The three are currently working on various individual
projects as a part of their internships. 24 year old Arun Balaji is
working on a ‘Data Integration Hub’, while Dhanraj S is working to
create a ‘Developer portal’. And Dhanaraj J is helping a company create a
system to combat money laundering.However, each is aiming to use their
unique brand of innovation to get started on their own. Their approach can be condensed in their own words.
According to the Beta Adroits, “An innovator is someone who takes a
different perspective on things from others. He/she might attract
ridicule in the beginning but success is never out of reach."
The student who created a mobile classroom:
“A classroom is generally a box with 4 walls and a
blackboard on one side,” says budding architect Jayshil Patel, “I came
up with the whole idea of modifying the same box in a different version
making it modular and mobile”. The result is Baksha, a modular moveable
classroom that can be transported to remote places and villages devoid
of any educational infrastructure. Thus, bringing education literally to
the doorstep of disadvantaged communities.
Having been forced to go to boarding school because there
was no quality senior-secondary school nearby, Jayshil says he couldn't
help but think of those students who had absolutely no access to any
form of education and had to travel miles just to get to a classroom.
“Due to the sheer scale of the population in India, education is a
luxury not a right; especially for the poor and down trodden” he says. This made him rethink the whole concept of school and
classroom, and sparked off the idea for a moveable classroom that would
bring education to children, particularly in the rural areas, instead of
forcing them away from their homes. The concept of Baksha was thus,
born. While examples are rife, across the world, of mobile vans being
used to provide books and other educational materials to people on the
go, there are several unique features that set Jayshil's innovation
apart.
Although, it functions primarily as a classroom, Baksha’s
flexible nature allows it to be used for other purposes as well. “The
modular classroom with an area of 21 square metres is equipped with the
latest teaching techniques, storage space, modular furniture and public
utility services.

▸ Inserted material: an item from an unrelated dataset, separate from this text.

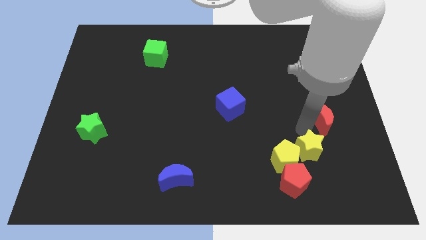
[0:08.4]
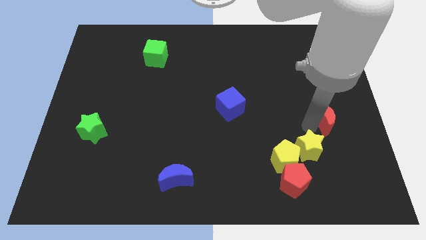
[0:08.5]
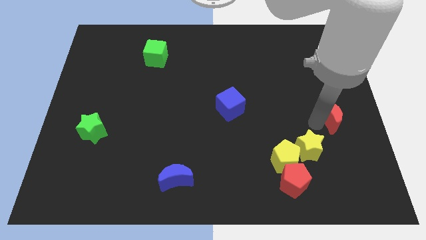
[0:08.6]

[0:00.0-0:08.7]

As the furniture is modular it aligns itself with the
floor” Jayshil explains. “Fusing a few of the Baksha units together, it
can be utilized for performing various other activities. It can be
converted into a relief camp, clinic, polio booth centre, etc”
Besides being multi-purpose and versatile Baksha is also
environmentally friendly. Built using Medium-Density Fibreboard (MDF) it
uses solar panels for electricity and is economical in the long run. It
is also relatively easy to transport. Jayshil’s ‘box of life’ can
easily be attached to a truck, train or a helicopter depending on where
it needs to be transported.
He further adds, “The structure is transparent so it gives
an eye for natural light and ventilation. Sound-proofing materials are
also used. It can also be raised on stilts which protects it from rain.” However, despite the overwhelming positives, the
22-year-old graduate of Sardar Vallabhai Patel Institute of Technology
is finding it extremely difficult to get adequate resources for his
project. As a result he is yet to create a prototype. He is currently
looking at government and corporate backing to help get his idea off the
ground.
Innovation Jockey’s, he says has given a great platform
and the confidence to pursue other ideas and innovations. And he doesn’t
intend to stop. A conscientious architect he wants to innovate in the
field of sustainable buildings. “I am working on a concept home, which
would be the first Lead and Griha certified” says an excited Jayshil.
However, early challenges and hurdles have already made the 22 year old wise beyond his years. An innovator he says, like his idol Steve Jobs needs to have tremendous
belief in himself and his ideas in order to fully succeed. For that one
has to be willing to put up with the occasional failure.